**Supplied information**
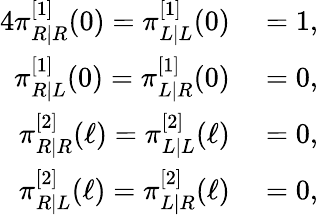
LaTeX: \begin{array}{rl}{{4}\pi_{R|R}^{[1]}(0)=\pi_{L|L}^{[1]}(0)}&{{}=1,}\\ {\pi_{R|L}^{[1]}(0)=\pi_{L|R}^{[1]}(0)}&{{}=0,}\\ {\pi_{R|R}^{[2]}(\ell)=\pi_{L|L}^{[2]}(\ell)}&{{}=0,}\\ {\pi_{R|L}^{[2]}(\ell)=\pi_{L|R}^{[2]}(\ell)}&{{}=0,}\end{array}
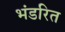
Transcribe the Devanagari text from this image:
भंडरित
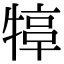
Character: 𤚮
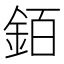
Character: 銆
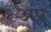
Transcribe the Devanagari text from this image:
अप्रे
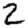
Digit: 2
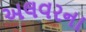
અલવરના
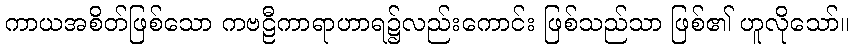
ကာယအစိတ်ဖြစ်သော ကဗဠီကာရာဟာရ၌လည်းကောင်း ဖြစ်သည်သာ ဖြစ်၏ ဟူလိုသော်။
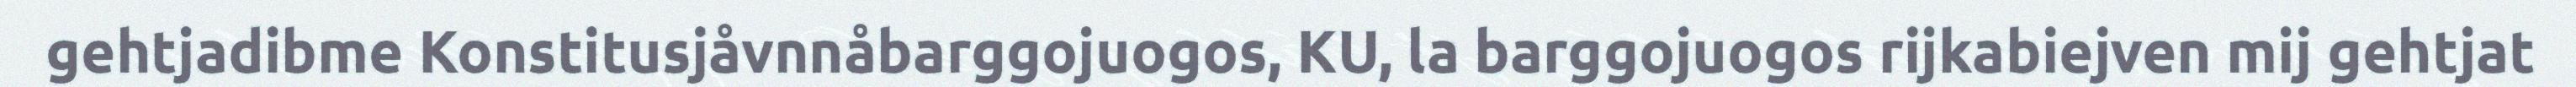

**About this task**
Beginning with the line that contains "Character: 銆", reproduce every line through the end of the records above exactly, leaving pictures out.

**Expected output**
Character: 銆
Transcribe the Devanagari text from this image:
अप्रे
Digit: 2
અલવરના
ကာယအစိတ်ဖြစ်သော ကဗဠီကာရာဟာရ၌လည်းကောင်း ဖြစ်သည်သာ ဖြစ်၏ ဟူလိုသော်။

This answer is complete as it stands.